Thus it is an ongoing challenge to process I/O requests in a storage controller of a clustered storage system by shipping aspects of the received request to another storage controller where ownership of logical volume may be transferred among the controllers.
The present invention solves the above and other problems, thereby advancing the state of the useful arts, by providing methods and associated structure for improved shipping of I/O requests among multiple storage controllers of a clustered storage system. Minimal processing of a received I/O request is performed in a first controller that receives a host system I/O request to determine whether the I/O request is directed to a logical volume that is owned by the first controller or to a logical volume owned by another controller. For requests to a logical volume owned by another controller, the original I/O request is modified to indicate the target device address of the other controller. The first controller then ships the request to the other controller and configures DMA capabilities of the first controller to exchange data associated with the shipped request between the other controller and memory of the host system.
In one aspect hereof, a clustered storage system is provided. The clustered storage system comprising a first storage controller adapted to receive an I/O request from an attached host system and adapted to couple with a plurality of physical storage devices on which a logical volume is configured. The system further comprising a second storage controller coupled with the first storage controller and coupled with the plurality of storage devices, wherein the second storage controller owns the logical volume. The first storage controller is adapted to detect that the received I/O request is directed to the logical volume and is further adapted to transmit the received I/O request as a modified I/O request to the second storage controller responsive to the detection. The modified I/O request comprises a modified destination address corresponding to the second storage controller. The second storage controller is adapted to process the modified I/O request by accessing affected storage devices of the plurality of physical storage devices based on a configuration of the logical volume. The second storage controller exchanges data associated with the modified I/O request with the host system through the first storage controller.

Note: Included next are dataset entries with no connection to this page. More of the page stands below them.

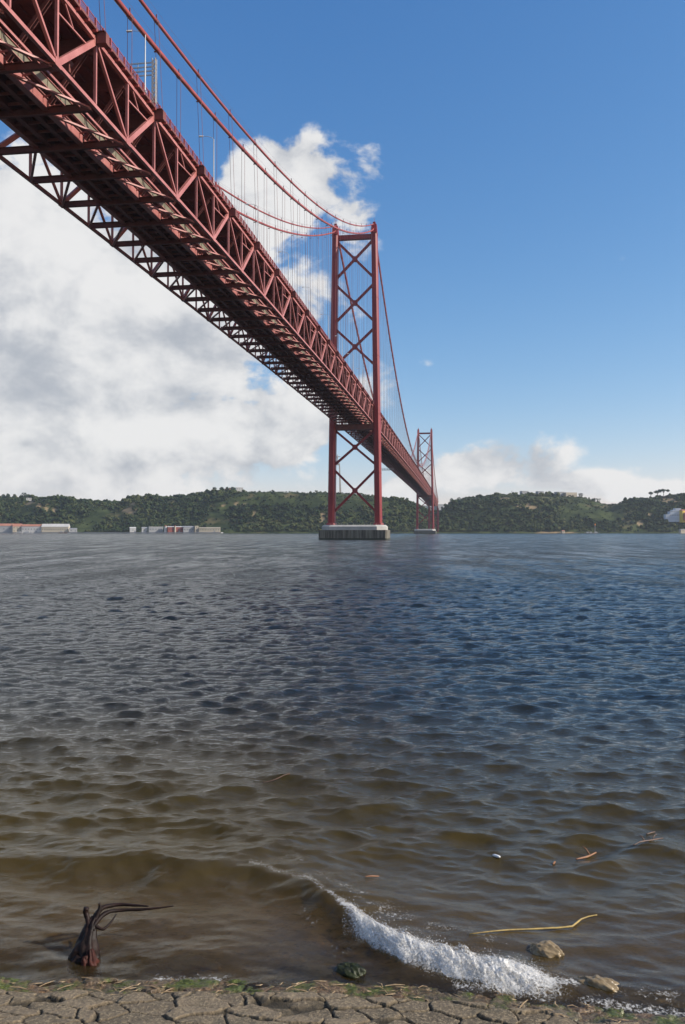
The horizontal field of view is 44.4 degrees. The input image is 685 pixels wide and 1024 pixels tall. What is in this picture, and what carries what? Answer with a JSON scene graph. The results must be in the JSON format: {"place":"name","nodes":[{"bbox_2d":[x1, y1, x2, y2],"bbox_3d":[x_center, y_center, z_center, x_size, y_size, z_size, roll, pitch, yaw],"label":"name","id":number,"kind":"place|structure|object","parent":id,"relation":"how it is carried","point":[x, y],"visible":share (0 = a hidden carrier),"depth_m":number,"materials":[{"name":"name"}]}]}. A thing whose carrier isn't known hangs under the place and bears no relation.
{"place":"outdoors","nodes":[
{"label":"outdoors","id":0,"kind":"place"},
{"bbox_2d":[0,533,684,1015],"bbox_3d":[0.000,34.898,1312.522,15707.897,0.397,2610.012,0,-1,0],"label":"water","id":1,"kind":"structure","parent":0,"point":[428,727],"depth_m":20.51,"materials":[{"name":"liquid"}]},
{"bbox_2d":[0,0,438,539],"bbox_3d":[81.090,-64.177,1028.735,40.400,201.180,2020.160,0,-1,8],"label":"suspension bridge","id":2,"kind":"structure","parent":1,"relation":"in","point":[80,110],"depth_m":176.43,"materials":[{"name":"red paint"}]},
{"bbox_2d":[126,30,146,92],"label":"street lamp","id":3,"kind":"object","parent":2,"relation":"on","point":[144,64],"visible":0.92,"depth_m":136.59,"materials":[{"name":"metal"}]},
{"bbox_2d":[130,57,156,104],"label":"sign gantry","id":4,"kind":"object","parent":2,"relation":"on","point":[152,79],"visible":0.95,"depth_m":139.89,"materials":[{"name":"grey metal"}]},
{"bbox_2d":[199,135,214,184],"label":"street lamp","id":5,"kind":"object","parent":2,"relation":"on","point":[213,156],"visible":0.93,"depth_m":174.65,"materials":[{"name":"metal"}]},
{"bbox_2d":[245,203,257,238],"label":"street lamp","id":6,"kind":"object","parent":2,"relation":"on","point":[257,218],"visible":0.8,"depth_m":212.71,"materials":[{"name":"metal"}]},
{"bbox_2d":[279,251,288,284],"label":"street lamp","id":7,"kind":"object","parent":2,"relation":"on","point":[288,267],"visible":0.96,"depth_m":250.69,"materials":[{"name":"metal"}]},
{"bbox_2d":[255,861,560,1001],"bbox_3d":[0.475,4.929,10.067,5.378,0.457,1.169,-1,-2,37],"label":"foam","id":8,"kind":"object","parent":1,"relation":"on","point":[509,974],"visible":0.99,"depth_m":9.27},
{"bbox_2d":[469,914,596,934],"bbox_3d":[2.376,5.053,10.213,1.858,0.127,0.140,1,-1,-23],"label":"reed","id":9,"kind":"object","parent":1,"relation":"on","point":[569,926],"visible":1,"depth_m":10.21,"materials":[{"name":"yellow plant"}]},
{"bbox_2d":[576,846,595,859],"bbox_3d":[3.651,5.184,12.756,0.506,0.120,0.161,1,-2,-41],"label":"stick","id":10,"kind":"object","parent":1,"relation":"on","point":[587,856],"visible":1,"depth_m":12.74,"materials":[{"name":"brown wood"}]},
{"bbox_2d":[633,834,662,845],"bbox_3d":[4.738,5.096,13.093,0.710,0.111,0.135,1,-1,-29],"label":"branch","id":11,"kind":"object","parent":1,"relation":"on","point":[652,839],"visible":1,"depth_m":13.04,"materials":[{"name":"brown wood"}]},
{"bbox_2d":[0,913,684,1013],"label":"river bed","id":12,"kind":"object","parent":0,"point":[284,948],"visible":0.2,"depth_m":10.13,"materials":[{"name":"brown soil"}]},
{"bbox_2d":[67,903,173,976],"bbox_3d":[-2.656,4.997,9.902,1.206,0.742,0.529,1,-2,-42],"label":"driftwood","id":13,"kind":"object","parent":12,"relation":"on","point":[84,958],"visible":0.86,"depth_m":9.69,"materials":[{"name":"red wood"}]},
{"bbox_2d":[332,962,365,983],"bbox_3d":[0.067,5.178,9.391,0.396,0.247,0.265,0,-1,18],"label":"rock","id":14,"kind":"object","parent":12,"relation":"on","point":[349,972],"visible":0.82,"depth_m":9.32,"materials":[{"name":"green stone"}]},
{"bbox_2d":[461,943,494,947],"bbox_3d":[1.791,5.529,10.901,0.956,0.248,0.456,0,-1,-13],"label":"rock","id":15,"kind":"object","parent":12,"relation":"on","point":[480,944],"visible":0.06,"depth_m":10.68,"materials":[{"name":"stone"}]},
{"bbox_2d":[526,940,563,967],"bbox_3d":[2.331,5.085,9.652,0.437,0.268,0.285,0,-1,18],"label":"rock","id":16,"kind":"object","parent":12,"relation":"on","point":[547,953],"visible":1,"depth_m":9.56,"materials":[{"name":"beige stone"}]},
{"bbox_2d":[571,975,623,1001],"bbox_3d":[2.727,5.102,8.980,0.547,0.255,0.271,0,-1,16],"label":"rock","id":17,"kind":"object","parent":12,"relation":"on","point":[596,988],"visible":1,"depth_m":8.90,"materials":[{"name":"beige stone"}]},
{"bbox_2d":[0,976,684,1023],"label":"cracked dry mud","id":18,"kind":"structure","parent":0,"point":[79,1001],"depth_m":8.42,"materials":[{"name":"dried mud"}]},
{"bbox_2d":[0,492,684,532],"bbox_3d":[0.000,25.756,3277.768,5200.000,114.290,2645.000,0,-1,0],"label":"hills","id":19,"kind":"structure","parent":0,"point":[221,521],"depth_m":2104.31,"materials":[{"name":"green plant"}]},
{"bbox_2d":[0,524,12,531],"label":"warehouse","id":20,"kind":"structure","parent":19,"relation":"on","point":[6,527],"depth_m":1967.62,"materials":[{"name":"ceramic"}]},
{"bbox_2d":[13,524,21,531],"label":"warehouse","id":21,"kind":"structure","parent":19,"relation":"on","point":[17,527],"depth_m":1965.58,"materials":[{"name":"ceramic"}]},
{"bbox_2d":[22,524,41,531],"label":"warehouse","id":22,"kind":"structure","parent":19,"relation":"on","point":[32,527],"depth_m":1966.62,"materials":[{"name":"white paint"}]},
{"bbox_2d":[41,524,69,531],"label":"warehouse","id":23,"kind":"structure","parent":19,"relation":"on","point":[54,527],"depth_m":1968.84,"materials":[{"name":"white paint"}]},
{"bbox_2d":[0,532,222,532],"bbox_3d":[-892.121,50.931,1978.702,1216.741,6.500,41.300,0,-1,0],"label":"quay wall","id":24,"kind":"structure","parent":19,"relation":"on","point":[121,532],"depth_m":1958.42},
{"bbox_2d":[69,528,76,531],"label":"shed","id":25,"kind":"structure","parent":24,"relation":"on","point":[72,529],"depth_m":1965.88,"materials":[{"name":"white glass"}]},
{"bbox_2d":[130,527,135,531],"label":"shed","id":26,"kind":"structure","parent":24,"relation":"on","point":[132,529],"depth_m":1961.97,"materials":[{"name":"white paint"}]},
{"bbox_2d":[141,527,147,531],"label":"shed","id":27,"kind":"structure","parent":24,"relation":"on","point":[144,529],"depth_m":1962.16,"materials":[{"name":"white paint"}]},
{"bbox_2d":[148,527,162,531],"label":"hall","id":28,"kind":"structure","parent":24,"relation":"on","point":[155,529],"depth_m":1963.94,"materials":[{"name":"white paint"}]},
{"bbox_2d":[167,526,182,531],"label":"hall","id":29,"kind":"structure","parent":24,"relation":"on","point":[171,528],"depth_m":1965.35,"materials":[{"name":"red paint"}]},
{"bbox_2d":[183,526,193,531],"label":"hall","id":30,"kind":"structure","parent":24,"relation":"on","point":[188,528],"depth_m":1964.14,"materials":[{"name":"white glass"}]},
{"bbox_2d":[199,527,219,531],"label":"hall","id":31,"kind":"structure","parent":24,"relation":"on","point":[209,529],"depth_m":1964.31,"materials":[{"name":"beige glass"}]},
{"bbox_2d":[235,487,242,491],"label":"villa","id":32,"kind":"object","parent":19,"relation":"on","point":[240,489],"visible":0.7,"depth_m":2273.92,"materials":[{"name":"white paint"}]},
{"bbox_2d":[337,454,340,492],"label":"monument","id":33,"kind":"object","parent":19,"relation":"on","point":[339,477],"visible":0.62,"depth_m":2293.87,"materials":[{"name":"concrete"}]},
{"bbox_2d":[0,487,684,531],"bbox_3d":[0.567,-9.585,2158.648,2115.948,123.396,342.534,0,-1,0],"label":"wood","id":34,"kind":"object","parent":19,"relation":"on","point":[212,495],"visible":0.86,"depth_m":2090.74,"materials":[{"name":"green plant"}]},
{"bbox_2d":[436,504,443,509],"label":"apartment block","id":35,"kind":"structure","parent":19,"relation":"on","point":[440,505],"depth_m":3299.61,"materials":[{"name":"white glass"}]},
{"bbox_2d":[563,492,576,496],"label":"fort","id":36,"kind":"structure","parent":19,"relation":"on","point":[574,494],"depth_m":2266.14,"materials":[{"name":"beige stone"}]},
{"bbox_2d":[658,489,669,498],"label":"umbrella pine","id":37,"kind":"object","parent":19,"relation":"on","point":[664,490],"visible":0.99,"depth_m":2253.82,"materials":[{"name":"green plant"}]},
{"bbox_2d":[664,508,680,521],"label":"terraced building","id":38,"kind":"structure","parent":19,"relation":"on","point":[672,515],"depth_m":2060.34,"materials":[{"name":"white paint"}]},
{"bbox_2d":[679,510,684,522],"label":"house","id":39,"kind":"structure","parent":19,"relation":"on","point":[681,512],"depth_m":2053.23,"materials":[{"name":"yellow paint"}]},
{"bbox_2d":[0,0,684,504],"label":"sky","id":40,"kind":"structure","parent":0,"point":[518,166],"materials":[{"name":"blue"}]},
{"bbox_2d":[557,1004,684,1016],"bbox_3d":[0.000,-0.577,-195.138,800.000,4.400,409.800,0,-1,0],"label":"ground","id":41,"kind":"structure","parent":0,"point":[670,1009],"depth_m":8.71,"materials":[{"name":"brown soil"}]}
]}

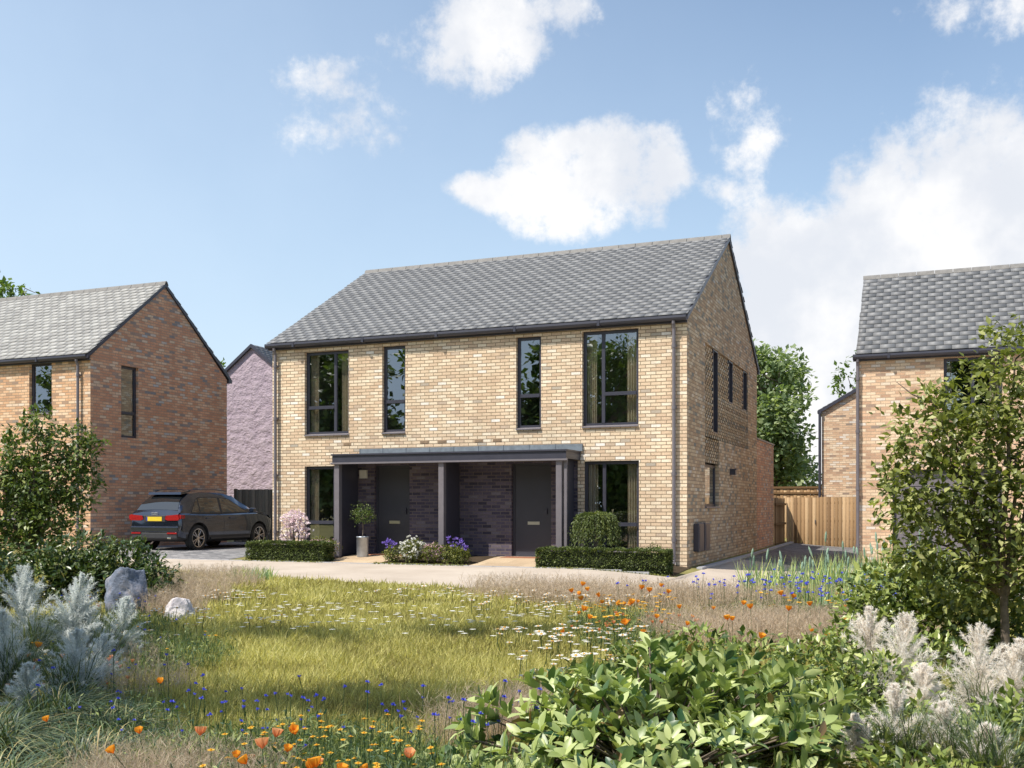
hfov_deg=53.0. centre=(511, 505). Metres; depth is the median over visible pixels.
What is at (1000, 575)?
young tree
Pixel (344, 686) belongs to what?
blue cornflower
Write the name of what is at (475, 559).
planting bed
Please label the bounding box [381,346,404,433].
window
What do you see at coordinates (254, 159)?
sky
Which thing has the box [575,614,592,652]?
orange poppy
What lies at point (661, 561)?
box hedge
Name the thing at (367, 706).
blue cornflower
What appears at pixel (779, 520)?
side fence
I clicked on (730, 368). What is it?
window
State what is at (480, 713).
blue cornflower
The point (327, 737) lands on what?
yellow daisy
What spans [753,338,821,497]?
broadleaf tree
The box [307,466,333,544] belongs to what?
window
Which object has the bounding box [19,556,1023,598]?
path
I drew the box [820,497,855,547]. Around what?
timber fence
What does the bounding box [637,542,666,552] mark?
shrub
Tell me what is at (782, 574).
tall grass
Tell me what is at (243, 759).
orange poppy
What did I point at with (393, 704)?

Another aspect hereof provides method for I/O request shipping between storage controllers in a clustered storage system comprising a plurality of storage controllers. The method ships I/O requests between the storage controllers. The method comprises receiving in a first storage controller an I/O request from an attached host system. The request is directed to a logical volume identified in the received I/O request and is addressed to the first storage controller using a first target device address. The method then detects that the logical volume is owned by a second storage controller wherein the second storage controller is identified by a second target device address. The method then generates a modified I/O request based on the received I/O request. Generation of the modified I/O request comprises replacing the first target device address with the second target device address. The method then transmits the modified I/O request to the second storage controller for processing therein.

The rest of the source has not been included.